Consider the differential equation $\dot{x} = \sin x$. The stability and dynamics of this equation has been discussed thoroughly in Nonlinear Dynamics and Chaos by Strogatz.
If I change the equation into a recursive relation $x_{t+1} = \sin(x_t)$, of course notions of stability are still present in this form even in discrete $t$.
My question is: is it possible that the techniques/analysis used in differential equations be used in recursive relations? Are there parallelism, similarities?
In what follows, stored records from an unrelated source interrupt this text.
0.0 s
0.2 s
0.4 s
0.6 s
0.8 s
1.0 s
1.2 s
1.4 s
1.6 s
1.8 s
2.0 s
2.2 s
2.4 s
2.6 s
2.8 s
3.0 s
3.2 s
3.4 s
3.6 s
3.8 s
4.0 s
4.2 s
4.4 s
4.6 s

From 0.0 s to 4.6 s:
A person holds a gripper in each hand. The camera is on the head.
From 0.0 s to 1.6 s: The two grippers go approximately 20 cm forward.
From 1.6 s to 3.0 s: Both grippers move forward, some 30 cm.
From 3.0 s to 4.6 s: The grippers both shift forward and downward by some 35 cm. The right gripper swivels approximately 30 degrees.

An appropriately placed Poincare section can take the system from a continuous time to a discrete time description. Now let us look at your question using a simple example which brings out the correspondence between these two descriptions. Considering a periodic solution of a differential equation (continuous time) and its counterpart in a discrete time system (given you can define an appropriate Poincare section) which is a stationary solution/fixed point.
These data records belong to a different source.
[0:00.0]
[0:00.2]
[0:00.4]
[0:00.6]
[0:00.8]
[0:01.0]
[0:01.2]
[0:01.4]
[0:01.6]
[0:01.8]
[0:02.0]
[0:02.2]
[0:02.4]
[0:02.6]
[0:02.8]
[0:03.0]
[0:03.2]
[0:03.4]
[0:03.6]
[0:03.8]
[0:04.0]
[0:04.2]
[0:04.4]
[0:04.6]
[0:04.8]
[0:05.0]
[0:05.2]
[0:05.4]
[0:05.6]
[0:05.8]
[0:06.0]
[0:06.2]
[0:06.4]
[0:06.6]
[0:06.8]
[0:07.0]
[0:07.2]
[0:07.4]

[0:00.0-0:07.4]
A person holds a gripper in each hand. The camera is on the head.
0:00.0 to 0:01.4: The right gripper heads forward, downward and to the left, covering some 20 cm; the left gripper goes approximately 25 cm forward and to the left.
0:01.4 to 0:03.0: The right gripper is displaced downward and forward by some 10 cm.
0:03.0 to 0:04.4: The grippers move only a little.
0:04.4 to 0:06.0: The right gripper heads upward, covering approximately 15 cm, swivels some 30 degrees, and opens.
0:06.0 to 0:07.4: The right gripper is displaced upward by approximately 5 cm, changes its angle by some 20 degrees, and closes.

To determine the stability of this solution in a continuous time formalism, you will need to calculate the Floquet exponents for this periodic solution. If all these exponents (excluding the vanishing longitudinal exponent) are strictly negative, then the periodic solution is stable, and unstable in case of positive exponents. Correspondingly for the discrete time system, say given by $x_{n+1}=f(x_n)$, one iteration stationary solutions (which correspond to a periodic solution of the differential equation from which the map was derived) are given by solving the equation $x_{n+1}=x_n \implies x^*=f(x^*)$ where $x^*$ is the stationary solution. The stability of $x^*$ is determined by the derivative on the RHS of the discrete time system at $x^*$, i.e. $f'(x^*)$ (where $f'=df/dx$), and $x^*$ is stable if $|f'(x^*)|<1$ and unstable if $|f'(x^*)|>1$.
Therefore, you can use either of these descriptions to determine the stability of periodic solutions. Although this answer is quite crude but I hope it brings out the parallelism more clearly for you.